### Problem requirements
Find the line with "Query: depth of the forest patch at (824, 660)." in the entries below. Repeat it, every following line, and the line with "[187.931,165.161,482.546,56.542,15.185,58.110,0,-9,-24]", exactly and with nothing added.

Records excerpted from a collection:
┄┄┄┄┄┄┄┄┄┄

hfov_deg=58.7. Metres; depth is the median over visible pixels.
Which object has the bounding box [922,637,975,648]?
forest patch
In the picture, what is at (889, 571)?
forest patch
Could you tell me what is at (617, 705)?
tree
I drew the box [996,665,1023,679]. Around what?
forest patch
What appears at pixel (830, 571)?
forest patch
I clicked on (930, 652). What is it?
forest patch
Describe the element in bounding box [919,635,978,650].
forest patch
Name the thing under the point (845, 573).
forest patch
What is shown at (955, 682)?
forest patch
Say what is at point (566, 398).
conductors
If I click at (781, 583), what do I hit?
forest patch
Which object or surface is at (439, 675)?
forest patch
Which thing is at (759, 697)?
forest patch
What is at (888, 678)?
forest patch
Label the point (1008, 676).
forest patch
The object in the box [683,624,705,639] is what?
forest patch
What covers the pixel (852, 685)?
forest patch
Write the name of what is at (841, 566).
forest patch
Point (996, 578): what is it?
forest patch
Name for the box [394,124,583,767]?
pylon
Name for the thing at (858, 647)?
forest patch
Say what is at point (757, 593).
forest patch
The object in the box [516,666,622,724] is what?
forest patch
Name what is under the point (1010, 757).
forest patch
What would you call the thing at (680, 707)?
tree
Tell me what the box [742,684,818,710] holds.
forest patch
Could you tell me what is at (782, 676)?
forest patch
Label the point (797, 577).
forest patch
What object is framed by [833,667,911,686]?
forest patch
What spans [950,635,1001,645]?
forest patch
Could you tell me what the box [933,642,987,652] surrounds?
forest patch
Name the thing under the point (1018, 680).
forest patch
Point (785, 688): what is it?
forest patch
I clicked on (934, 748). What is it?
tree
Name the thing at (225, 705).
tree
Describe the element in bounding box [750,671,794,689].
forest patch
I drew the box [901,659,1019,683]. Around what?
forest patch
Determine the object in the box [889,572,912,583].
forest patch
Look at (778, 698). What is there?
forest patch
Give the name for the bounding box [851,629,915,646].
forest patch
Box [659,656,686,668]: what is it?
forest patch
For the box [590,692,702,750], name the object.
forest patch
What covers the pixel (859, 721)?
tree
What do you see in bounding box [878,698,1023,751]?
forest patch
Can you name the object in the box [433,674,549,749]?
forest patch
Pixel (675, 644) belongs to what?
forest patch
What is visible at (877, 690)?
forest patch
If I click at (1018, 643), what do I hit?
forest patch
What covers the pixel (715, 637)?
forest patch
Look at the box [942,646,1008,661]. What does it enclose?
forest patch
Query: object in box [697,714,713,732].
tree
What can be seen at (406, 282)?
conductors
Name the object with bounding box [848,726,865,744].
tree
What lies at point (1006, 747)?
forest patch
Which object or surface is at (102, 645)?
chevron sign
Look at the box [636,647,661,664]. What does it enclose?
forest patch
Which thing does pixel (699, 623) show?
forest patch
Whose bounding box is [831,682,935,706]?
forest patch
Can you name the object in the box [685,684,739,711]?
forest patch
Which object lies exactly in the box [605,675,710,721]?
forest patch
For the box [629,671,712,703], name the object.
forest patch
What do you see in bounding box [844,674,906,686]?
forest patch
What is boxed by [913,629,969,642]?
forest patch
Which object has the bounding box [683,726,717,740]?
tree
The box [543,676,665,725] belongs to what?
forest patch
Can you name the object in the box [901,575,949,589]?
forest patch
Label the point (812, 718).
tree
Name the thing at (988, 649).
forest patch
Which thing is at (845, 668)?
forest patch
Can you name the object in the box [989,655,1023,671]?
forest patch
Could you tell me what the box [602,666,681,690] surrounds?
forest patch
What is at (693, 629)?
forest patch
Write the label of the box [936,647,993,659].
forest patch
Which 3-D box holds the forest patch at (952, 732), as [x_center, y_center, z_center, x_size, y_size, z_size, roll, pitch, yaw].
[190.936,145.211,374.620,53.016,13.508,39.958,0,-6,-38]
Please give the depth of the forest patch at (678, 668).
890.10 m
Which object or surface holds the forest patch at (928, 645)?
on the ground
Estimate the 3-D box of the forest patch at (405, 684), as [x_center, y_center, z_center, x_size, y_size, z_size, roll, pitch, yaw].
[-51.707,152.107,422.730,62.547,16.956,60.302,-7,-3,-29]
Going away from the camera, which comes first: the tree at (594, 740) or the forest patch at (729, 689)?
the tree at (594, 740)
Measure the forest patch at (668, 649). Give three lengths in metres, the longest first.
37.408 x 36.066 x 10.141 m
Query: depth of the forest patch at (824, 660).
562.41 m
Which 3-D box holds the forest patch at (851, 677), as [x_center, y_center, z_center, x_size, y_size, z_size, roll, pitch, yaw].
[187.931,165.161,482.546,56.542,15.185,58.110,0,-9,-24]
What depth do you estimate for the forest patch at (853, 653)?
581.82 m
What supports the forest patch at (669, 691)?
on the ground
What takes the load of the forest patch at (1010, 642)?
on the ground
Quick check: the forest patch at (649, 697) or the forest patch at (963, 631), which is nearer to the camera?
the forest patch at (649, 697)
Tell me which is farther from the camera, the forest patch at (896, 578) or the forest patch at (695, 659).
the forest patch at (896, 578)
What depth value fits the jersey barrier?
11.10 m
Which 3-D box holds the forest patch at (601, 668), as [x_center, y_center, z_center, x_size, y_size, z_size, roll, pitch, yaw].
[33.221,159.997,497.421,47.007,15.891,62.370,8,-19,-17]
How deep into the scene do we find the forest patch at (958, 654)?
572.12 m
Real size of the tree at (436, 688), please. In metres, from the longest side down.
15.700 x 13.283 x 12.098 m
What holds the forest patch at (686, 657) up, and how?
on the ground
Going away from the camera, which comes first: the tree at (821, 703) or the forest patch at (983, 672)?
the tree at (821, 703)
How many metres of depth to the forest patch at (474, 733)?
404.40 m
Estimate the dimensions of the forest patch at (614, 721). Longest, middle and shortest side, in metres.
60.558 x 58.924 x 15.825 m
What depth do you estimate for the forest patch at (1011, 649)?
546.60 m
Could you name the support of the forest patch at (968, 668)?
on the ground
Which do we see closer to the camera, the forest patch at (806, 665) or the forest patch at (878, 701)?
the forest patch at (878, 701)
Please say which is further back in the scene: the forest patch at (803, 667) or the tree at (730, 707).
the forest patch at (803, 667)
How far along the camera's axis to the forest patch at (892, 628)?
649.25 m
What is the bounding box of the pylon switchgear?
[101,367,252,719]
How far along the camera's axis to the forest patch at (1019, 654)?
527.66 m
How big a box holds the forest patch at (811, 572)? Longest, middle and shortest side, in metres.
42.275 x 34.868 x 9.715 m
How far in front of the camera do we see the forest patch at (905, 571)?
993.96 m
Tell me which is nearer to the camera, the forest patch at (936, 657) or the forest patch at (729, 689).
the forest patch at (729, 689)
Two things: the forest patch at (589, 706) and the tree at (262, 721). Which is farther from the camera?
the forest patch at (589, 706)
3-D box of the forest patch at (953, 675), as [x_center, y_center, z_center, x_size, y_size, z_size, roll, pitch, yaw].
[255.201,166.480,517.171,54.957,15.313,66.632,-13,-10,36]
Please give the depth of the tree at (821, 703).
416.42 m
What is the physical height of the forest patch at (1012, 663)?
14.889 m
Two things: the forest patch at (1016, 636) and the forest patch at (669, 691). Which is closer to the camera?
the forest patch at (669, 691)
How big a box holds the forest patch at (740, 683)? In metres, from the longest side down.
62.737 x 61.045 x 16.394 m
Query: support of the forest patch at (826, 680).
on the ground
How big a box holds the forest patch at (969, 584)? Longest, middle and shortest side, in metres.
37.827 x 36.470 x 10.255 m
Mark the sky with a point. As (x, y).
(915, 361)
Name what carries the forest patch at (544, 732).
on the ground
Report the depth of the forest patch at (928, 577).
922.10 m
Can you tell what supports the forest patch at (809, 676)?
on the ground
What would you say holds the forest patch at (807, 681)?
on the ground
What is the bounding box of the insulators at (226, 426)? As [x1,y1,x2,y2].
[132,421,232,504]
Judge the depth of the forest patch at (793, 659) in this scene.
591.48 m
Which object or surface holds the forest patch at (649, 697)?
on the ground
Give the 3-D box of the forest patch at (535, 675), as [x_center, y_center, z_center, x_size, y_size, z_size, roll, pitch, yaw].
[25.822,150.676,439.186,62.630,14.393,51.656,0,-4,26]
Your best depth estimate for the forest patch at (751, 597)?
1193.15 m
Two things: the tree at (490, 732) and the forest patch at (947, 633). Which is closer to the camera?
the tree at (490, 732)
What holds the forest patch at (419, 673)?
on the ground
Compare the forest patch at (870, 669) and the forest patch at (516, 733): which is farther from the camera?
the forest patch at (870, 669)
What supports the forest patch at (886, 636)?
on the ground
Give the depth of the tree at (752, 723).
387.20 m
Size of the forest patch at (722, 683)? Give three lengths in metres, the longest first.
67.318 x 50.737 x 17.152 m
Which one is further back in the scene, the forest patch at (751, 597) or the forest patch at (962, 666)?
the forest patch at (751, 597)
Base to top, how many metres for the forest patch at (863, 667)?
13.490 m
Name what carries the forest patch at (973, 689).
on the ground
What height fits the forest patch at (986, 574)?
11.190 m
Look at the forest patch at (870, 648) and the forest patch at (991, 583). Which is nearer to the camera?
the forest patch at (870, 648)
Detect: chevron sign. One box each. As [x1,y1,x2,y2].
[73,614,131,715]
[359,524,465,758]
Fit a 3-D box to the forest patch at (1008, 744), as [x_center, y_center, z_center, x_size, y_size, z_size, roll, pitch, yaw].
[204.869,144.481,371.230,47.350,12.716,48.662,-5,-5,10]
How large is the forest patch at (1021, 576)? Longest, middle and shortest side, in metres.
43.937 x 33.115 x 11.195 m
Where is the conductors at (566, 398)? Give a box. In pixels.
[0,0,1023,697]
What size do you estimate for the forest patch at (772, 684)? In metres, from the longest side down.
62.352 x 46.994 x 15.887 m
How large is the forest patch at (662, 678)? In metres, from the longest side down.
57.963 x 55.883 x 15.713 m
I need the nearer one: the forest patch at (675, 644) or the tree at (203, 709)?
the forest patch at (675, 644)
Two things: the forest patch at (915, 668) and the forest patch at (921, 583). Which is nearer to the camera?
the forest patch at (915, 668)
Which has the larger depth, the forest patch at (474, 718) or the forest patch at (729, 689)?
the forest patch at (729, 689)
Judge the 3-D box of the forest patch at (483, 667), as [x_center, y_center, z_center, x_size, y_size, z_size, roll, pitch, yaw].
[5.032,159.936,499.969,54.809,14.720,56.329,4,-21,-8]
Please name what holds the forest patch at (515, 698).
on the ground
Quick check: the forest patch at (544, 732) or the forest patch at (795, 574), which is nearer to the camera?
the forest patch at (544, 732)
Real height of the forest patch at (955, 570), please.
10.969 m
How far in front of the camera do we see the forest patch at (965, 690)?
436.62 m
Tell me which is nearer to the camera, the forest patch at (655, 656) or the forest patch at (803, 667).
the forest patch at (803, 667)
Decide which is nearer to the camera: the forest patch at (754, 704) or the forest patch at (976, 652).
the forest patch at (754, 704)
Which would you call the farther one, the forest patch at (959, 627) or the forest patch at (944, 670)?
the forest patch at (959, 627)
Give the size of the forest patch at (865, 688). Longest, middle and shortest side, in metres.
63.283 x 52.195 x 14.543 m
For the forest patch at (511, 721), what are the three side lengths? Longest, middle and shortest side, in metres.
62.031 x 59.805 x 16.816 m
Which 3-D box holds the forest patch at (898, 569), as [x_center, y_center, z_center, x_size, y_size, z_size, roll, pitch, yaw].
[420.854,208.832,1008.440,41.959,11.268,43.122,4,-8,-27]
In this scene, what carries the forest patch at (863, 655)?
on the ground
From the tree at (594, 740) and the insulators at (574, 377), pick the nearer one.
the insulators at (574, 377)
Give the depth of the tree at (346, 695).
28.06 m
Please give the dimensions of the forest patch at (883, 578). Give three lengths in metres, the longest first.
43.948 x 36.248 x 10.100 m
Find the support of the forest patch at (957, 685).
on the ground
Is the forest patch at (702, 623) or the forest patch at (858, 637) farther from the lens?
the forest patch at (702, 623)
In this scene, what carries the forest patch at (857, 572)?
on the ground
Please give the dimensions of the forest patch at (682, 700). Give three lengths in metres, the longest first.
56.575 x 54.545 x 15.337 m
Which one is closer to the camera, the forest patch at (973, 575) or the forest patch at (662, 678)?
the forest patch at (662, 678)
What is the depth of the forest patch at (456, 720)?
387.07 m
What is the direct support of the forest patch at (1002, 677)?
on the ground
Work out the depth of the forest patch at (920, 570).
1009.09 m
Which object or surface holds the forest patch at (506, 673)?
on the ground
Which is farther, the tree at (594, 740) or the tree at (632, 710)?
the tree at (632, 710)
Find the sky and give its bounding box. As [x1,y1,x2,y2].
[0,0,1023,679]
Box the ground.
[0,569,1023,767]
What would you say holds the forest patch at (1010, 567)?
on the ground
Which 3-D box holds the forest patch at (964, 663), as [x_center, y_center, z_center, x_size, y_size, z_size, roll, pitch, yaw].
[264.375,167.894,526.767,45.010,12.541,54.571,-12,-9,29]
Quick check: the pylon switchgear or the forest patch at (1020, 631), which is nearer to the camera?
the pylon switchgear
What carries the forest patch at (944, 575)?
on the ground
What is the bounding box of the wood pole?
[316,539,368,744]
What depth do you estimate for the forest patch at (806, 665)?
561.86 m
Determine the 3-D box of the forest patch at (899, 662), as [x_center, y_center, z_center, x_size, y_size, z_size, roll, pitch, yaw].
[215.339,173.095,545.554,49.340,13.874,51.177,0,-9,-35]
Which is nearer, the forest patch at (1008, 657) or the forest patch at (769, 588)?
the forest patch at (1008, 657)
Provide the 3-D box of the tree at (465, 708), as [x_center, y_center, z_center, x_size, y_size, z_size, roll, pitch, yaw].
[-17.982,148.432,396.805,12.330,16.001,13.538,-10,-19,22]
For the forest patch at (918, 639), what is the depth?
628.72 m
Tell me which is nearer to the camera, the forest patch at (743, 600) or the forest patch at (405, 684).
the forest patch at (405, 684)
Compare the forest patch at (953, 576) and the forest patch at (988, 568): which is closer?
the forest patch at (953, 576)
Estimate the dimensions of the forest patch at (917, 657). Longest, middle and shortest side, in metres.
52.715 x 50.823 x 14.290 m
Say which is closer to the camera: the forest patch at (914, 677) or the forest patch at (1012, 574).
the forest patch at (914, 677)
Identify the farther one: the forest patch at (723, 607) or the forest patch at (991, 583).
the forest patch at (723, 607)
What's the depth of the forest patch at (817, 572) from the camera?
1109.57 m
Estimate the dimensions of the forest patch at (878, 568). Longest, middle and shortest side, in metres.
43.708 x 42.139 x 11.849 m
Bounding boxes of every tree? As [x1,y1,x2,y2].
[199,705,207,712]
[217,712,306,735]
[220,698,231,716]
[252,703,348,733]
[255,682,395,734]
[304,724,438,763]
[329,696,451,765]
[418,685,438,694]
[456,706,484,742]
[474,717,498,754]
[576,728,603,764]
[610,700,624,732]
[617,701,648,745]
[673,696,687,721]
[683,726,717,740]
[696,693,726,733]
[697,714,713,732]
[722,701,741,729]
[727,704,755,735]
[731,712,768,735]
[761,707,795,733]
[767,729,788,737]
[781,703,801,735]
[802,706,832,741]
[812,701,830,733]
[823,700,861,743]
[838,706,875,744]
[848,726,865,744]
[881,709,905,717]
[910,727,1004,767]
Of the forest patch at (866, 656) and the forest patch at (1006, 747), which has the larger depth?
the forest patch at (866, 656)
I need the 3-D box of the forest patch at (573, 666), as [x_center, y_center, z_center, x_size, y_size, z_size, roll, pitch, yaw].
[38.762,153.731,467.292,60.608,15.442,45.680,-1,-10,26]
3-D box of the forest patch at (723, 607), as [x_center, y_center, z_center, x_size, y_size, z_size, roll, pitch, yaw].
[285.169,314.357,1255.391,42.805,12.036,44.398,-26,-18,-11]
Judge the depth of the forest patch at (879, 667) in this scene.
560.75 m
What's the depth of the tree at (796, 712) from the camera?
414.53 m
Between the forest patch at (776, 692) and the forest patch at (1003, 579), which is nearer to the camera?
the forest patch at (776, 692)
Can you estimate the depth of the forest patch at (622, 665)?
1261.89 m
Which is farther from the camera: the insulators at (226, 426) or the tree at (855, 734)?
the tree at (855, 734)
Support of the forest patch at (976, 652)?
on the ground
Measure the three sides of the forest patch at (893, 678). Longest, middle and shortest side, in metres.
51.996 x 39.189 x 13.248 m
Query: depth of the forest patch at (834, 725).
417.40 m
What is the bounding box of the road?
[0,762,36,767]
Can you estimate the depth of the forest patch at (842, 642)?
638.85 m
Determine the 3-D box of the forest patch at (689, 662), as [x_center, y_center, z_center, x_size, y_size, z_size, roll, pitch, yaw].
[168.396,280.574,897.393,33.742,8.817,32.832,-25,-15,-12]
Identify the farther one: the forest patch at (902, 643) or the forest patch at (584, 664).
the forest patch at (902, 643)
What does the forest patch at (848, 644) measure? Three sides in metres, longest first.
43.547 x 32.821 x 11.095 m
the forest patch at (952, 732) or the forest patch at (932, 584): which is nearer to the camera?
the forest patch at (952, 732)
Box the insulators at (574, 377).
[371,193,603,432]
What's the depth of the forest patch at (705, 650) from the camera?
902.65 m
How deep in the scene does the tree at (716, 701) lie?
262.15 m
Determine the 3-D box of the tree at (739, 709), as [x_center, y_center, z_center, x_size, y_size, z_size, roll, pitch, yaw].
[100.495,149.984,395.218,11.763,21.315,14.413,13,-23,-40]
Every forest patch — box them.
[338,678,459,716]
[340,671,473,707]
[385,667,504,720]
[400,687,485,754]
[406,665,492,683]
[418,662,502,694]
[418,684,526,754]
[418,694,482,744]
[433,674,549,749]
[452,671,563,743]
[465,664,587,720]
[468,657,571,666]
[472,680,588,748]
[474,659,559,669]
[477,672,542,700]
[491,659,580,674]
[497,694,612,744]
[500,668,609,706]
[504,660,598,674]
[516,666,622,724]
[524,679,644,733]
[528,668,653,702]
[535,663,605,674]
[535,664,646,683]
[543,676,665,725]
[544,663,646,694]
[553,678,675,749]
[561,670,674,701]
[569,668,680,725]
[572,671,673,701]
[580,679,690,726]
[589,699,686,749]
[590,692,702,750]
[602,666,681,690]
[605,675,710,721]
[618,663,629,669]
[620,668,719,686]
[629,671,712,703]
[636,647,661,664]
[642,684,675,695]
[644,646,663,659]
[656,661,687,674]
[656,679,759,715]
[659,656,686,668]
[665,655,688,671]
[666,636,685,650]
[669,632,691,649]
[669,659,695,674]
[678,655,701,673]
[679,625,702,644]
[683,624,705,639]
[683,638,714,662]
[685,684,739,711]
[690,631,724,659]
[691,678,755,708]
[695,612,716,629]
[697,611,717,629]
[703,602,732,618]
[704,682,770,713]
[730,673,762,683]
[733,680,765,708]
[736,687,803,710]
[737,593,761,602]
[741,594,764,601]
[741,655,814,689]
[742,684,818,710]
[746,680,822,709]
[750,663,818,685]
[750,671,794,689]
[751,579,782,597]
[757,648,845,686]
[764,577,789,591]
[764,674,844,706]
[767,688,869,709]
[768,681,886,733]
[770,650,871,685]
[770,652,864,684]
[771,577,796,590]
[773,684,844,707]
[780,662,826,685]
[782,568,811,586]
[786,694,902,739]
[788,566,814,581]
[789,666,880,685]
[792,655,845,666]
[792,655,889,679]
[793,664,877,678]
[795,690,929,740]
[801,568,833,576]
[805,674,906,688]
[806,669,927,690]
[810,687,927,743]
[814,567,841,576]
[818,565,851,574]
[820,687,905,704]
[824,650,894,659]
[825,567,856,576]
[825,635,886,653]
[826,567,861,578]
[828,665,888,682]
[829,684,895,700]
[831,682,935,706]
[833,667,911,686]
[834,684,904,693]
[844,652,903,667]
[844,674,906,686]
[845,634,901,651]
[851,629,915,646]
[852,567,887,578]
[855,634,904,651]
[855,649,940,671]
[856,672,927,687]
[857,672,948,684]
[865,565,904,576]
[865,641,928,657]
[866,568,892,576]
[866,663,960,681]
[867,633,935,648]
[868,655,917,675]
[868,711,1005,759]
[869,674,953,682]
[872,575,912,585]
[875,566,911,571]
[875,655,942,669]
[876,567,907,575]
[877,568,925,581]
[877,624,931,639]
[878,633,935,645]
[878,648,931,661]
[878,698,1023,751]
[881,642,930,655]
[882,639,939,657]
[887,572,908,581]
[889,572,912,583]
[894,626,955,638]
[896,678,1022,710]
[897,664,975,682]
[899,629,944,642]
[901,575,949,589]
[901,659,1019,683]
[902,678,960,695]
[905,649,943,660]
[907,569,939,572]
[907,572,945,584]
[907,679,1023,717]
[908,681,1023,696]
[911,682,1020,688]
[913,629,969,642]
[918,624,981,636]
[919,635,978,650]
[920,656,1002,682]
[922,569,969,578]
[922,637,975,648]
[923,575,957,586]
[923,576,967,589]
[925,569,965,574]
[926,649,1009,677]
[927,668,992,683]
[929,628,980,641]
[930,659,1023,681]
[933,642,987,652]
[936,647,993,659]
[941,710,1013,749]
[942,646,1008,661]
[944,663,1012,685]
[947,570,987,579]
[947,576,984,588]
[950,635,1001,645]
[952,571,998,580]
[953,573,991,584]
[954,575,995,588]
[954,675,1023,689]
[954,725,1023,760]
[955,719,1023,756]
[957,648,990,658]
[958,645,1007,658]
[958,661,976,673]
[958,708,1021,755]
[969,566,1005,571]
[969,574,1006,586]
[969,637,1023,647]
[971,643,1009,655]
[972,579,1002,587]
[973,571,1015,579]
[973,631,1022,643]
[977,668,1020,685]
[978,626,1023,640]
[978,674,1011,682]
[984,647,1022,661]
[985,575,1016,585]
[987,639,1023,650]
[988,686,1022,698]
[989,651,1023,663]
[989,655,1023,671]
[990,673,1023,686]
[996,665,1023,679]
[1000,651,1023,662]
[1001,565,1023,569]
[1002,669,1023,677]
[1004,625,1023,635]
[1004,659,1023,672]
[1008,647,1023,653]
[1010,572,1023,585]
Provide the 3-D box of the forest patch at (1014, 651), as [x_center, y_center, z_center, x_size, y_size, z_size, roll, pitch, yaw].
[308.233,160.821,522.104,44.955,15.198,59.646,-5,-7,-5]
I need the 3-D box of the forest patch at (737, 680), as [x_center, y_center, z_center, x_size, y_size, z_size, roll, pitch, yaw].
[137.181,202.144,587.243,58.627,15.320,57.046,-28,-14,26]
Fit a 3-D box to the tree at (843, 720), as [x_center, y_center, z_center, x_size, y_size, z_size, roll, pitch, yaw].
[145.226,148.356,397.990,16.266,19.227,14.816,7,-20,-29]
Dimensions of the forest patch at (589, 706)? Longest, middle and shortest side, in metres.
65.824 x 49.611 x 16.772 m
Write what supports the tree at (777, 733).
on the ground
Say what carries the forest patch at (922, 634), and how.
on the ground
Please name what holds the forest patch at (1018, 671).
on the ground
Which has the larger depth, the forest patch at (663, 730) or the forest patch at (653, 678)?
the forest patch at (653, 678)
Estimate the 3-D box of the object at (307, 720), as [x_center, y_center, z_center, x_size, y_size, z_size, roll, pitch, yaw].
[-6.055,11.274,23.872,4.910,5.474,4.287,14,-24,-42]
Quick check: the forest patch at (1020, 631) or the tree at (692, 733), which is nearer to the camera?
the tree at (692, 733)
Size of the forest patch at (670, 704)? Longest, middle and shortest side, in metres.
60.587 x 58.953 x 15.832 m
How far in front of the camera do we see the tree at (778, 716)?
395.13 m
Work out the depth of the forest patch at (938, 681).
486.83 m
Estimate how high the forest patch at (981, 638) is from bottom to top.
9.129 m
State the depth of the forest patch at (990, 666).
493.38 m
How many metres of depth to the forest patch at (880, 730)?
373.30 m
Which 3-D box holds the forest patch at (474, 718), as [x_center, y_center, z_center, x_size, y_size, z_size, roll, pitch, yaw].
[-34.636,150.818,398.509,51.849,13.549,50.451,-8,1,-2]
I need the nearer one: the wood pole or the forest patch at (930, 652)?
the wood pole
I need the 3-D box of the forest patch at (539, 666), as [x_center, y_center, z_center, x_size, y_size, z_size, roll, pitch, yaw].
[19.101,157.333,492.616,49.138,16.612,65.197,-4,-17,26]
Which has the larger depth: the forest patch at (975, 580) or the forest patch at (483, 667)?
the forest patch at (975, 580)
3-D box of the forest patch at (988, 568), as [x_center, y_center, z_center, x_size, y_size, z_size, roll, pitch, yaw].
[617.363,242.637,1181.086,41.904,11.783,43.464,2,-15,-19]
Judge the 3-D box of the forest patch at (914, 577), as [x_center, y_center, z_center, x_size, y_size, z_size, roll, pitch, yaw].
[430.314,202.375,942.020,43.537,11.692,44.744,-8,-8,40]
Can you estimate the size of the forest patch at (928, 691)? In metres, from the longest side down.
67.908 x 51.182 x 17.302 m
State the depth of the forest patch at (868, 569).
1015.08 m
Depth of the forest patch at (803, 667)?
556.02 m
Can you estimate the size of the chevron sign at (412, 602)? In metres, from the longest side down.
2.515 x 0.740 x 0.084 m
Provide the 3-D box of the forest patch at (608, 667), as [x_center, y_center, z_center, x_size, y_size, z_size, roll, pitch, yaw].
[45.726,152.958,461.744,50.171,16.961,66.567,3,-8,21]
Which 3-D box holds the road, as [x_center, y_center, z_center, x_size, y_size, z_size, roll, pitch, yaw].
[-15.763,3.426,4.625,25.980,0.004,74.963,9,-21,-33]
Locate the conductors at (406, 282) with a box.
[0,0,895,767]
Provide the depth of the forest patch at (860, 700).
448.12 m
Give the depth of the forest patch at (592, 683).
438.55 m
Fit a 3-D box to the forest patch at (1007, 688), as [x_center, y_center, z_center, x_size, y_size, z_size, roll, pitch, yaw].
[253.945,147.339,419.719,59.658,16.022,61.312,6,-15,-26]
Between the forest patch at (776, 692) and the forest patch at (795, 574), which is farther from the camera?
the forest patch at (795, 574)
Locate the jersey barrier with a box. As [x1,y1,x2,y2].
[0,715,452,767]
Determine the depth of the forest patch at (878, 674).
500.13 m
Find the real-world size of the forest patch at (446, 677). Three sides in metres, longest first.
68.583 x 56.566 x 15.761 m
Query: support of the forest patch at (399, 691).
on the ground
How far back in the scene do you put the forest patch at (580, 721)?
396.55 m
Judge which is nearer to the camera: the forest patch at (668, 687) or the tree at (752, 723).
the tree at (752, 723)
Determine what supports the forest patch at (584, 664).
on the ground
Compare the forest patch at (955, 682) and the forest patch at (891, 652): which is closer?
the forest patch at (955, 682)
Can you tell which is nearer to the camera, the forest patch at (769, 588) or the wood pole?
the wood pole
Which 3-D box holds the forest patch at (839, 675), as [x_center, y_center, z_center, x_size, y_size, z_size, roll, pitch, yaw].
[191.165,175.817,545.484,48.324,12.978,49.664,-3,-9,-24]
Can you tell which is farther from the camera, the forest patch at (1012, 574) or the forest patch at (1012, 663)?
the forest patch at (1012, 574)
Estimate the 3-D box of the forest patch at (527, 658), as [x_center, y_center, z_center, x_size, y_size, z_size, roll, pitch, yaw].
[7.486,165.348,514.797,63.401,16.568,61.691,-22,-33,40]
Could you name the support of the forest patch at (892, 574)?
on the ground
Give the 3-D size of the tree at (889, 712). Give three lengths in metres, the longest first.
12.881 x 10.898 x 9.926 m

┄┄┄┄┄┄┄┄┄┄

### Solution to the exercise
Query: depth of the forest patch at (824, 660).
562.41 m
Which 3-D box holds the forest patch at (851, 677), as [x_center, y_center, z_center, x_size, y_size, z_size, roll, pitch, yaw].
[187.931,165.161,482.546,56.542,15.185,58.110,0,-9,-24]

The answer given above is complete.